-- What you are asked to do --
Below are entries. Copy exactly the lines running from the line that holds "ཅན༑ དེར་ཐལ། དེའི་ཕྱིར།" to the line that holds "ཅན༑ དེ་མ་ཡིན་པར་ཐལ། སེལ་འཇུག་ཡིན་པའི་ཕྱིར་ཏེ།", with both ends included.

[Records for the task — start]

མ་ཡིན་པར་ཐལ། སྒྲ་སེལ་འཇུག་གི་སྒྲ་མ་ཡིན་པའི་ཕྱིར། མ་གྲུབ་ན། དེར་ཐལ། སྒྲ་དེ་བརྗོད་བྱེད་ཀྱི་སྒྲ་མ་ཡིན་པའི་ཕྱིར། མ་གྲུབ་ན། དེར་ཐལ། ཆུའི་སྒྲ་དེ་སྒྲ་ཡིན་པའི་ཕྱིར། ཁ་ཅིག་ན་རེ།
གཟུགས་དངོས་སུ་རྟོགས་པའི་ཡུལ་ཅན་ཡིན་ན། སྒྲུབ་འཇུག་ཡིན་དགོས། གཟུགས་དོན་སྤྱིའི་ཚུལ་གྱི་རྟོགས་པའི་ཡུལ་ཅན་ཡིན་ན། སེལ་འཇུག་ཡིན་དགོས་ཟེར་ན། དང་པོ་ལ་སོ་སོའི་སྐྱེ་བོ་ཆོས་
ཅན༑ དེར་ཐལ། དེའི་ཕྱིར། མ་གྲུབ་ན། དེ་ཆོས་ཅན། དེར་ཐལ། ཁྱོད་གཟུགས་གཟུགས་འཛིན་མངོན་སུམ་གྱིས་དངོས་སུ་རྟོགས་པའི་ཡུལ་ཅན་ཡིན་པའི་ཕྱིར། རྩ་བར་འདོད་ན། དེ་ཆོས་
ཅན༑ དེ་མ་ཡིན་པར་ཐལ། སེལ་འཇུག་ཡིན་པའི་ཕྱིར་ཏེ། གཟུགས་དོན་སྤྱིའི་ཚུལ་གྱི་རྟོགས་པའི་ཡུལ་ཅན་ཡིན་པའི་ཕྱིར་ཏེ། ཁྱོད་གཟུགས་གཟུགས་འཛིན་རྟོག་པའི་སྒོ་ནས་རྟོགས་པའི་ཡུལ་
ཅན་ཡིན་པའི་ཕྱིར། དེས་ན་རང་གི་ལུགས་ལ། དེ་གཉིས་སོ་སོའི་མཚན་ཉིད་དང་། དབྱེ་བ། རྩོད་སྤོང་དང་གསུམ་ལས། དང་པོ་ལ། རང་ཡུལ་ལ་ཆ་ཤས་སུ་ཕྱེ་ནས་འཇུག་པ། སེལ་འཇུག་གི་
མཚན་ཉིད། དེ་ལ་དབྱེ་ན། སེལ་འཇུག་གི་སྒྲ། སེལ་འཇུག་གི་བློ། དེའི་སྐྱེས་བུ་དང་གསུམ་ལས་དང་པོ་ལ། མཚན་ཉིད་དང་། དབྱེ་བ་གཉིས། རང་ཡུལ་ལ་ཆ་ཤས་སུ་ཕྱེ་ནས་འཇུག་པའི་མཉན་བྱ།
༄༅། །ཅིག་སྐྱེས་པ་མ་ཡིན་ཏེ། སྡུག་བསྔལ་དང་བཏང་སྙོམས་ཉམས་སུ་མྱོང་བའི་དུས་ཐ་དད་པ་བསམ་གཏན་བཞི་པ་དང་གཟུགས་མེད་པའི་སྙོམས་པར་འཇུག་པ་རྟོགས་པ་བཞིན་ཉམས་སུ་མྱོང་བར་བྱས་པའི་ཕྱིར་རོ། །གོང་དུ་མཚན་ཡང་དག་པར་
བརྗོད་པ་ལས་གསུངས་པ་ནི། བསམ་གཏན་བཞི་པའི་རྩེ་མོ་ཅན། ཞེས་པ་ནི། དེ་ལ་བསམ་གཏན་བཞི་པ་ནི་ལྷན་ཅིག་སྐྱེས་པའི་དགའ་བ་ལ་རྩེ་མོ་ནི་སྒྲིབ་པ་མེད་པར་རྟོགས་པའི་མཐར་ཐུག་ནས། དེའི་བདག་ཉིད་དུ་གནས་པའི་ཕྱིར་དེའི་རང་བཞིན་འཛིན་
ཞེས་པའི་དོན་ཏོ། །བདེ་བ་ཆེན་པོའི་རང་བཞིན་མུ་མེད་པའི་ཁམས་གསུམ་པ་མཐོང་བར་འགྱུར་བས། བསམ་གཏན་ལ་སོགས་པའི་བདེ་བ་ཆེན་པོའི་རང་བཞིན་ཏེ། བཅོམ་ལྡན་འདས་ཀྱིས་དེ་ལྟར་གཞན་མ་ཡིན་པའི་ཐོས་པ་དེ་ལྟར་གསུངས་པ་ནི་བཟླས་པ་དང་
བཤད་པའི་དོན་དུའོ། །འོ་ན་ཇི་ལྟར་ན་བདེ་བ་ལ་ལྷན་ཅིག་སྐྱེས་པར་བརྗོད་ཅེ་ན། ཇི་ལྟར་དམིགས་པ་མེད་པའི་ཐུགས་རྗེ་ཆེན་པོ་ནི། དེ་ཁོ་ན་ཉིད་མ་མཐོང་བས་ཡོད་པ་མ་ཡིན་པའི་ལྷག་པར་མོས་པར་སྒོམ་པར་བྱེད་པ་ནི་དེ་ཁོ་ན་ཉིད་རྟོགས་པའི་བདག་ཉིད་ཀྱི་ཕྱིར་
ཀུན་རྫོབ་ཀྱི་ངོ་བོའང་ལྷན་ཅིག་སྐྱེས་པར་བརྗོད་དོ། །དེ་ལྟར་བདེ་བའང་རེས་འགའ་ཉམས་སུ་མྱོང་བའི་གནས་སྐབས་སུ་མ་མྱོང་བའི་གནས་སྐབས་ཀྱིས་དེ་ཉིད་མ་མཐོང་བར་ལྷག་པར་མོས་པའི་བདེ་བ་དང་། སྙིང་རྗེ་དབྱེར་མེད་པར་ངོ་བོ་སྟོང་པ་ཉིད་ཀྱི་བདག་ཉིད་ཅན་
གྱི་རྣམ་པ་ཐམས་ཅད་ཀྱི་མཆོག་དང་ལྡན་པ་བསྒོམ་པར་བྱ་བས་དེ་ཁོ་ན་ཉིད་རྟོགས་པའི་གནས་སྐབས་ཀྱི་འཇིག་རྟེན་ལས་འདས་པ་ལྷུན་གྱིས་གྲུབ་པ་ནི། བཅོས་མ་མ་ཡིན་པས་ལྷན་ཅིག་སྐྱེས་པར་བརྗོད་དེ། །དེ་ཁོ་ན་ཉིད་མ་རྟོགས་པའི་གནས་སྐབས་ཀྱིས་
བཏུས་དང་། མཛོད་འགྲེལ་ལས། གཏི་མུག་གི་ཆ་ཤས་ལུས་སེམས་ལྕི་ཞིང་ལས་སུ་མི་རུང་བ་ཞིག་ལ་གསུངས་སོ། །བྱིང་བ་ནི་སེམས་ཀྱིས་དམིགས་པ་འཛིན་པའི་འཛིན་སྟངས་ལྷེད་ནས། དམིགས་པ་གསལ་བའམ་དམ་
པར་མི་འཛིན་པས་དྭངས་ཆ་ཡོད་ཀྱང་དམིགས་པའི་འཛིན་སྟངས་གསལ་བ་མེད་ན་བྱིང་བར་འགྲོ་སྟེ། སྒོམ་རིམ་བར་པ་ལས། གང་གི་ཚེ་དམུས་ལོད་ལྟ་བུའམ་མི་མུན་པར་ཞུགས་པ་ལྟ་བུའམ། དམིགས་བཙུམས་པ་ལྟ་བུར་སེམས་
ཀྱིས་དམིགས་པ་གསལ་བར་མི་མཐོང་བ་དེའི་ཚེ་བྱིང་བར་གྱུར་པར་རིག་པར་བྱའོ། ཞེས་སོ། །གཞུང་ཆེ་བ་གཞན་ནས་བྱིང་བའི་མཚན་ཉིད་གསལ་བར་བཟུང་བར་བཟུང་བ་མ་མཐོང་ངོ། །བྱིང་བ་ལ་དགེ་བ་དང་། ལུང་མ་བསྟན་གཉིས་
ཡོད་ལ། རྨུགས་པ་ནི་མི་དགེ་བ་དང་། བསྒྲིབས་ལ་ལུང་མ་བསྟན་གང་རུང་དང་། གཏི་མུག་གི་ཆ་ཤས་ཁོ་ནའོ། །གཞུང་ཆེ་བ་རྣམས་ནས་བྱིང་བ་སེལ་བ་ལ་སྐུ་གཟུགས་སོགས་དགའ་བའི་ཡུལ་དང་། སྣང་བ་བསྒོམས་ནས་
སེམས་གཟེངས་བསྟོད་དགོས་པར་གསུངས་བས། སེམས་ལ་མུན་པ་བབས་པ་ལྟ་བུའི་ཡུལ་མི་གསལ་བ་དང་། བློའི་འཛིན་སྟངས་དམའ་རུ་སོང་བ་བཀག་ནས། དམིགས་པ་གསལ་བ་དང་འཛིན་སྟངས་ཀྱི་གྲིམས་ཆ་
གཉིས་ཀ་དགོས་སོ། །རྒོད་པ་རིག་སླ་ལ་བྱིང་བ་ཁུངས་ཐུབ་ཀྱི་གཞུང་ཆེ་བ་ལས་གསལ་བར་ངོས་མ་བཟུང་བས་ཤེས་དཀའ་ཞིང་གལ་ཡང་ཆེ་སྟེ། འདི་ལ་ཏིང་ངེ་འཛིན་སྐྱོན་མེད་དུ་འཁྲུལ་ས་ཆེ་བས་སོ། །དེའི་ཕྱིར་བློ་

[Records for the task — finish]

-- Exercise output --
ཅན༑ དེར་ཐལ། དེའི་ཕྱིར། མ་གྲུབ་ན། དེ་ཆོས་ཅན། དེར་ཐལ། ཁྱོད་གཟུགས་གཟུགས་འཛིན་མངོན་སུམ་གྱིས་དངོས་སུ་རྟོགས་པའི་ཡུལ་ཅན་ཡིན་པའི་ཕྱིར། རྩ་བར་འདོད་ན། དེ་ཆོས་
ཅན༑ དེ་མ་ཡིན་པར་ཐལ། སེལ་འཇུག་ཡིན་པའི་ཕྱིར་ཏེ། གཟུགས་དོན་སྤྱིའི་ཚུལ་གྱི་རྟོགས་པའི་ཡུལ་ཅན་ཡིན་པའི་ཕྱིར་ཏེ། ཁྱོད་གཟུགས་གཟུགས་འཛིན་རྟོག་པའི་སྒོ་ནས་རྟོགས་པའི་ཡུལ་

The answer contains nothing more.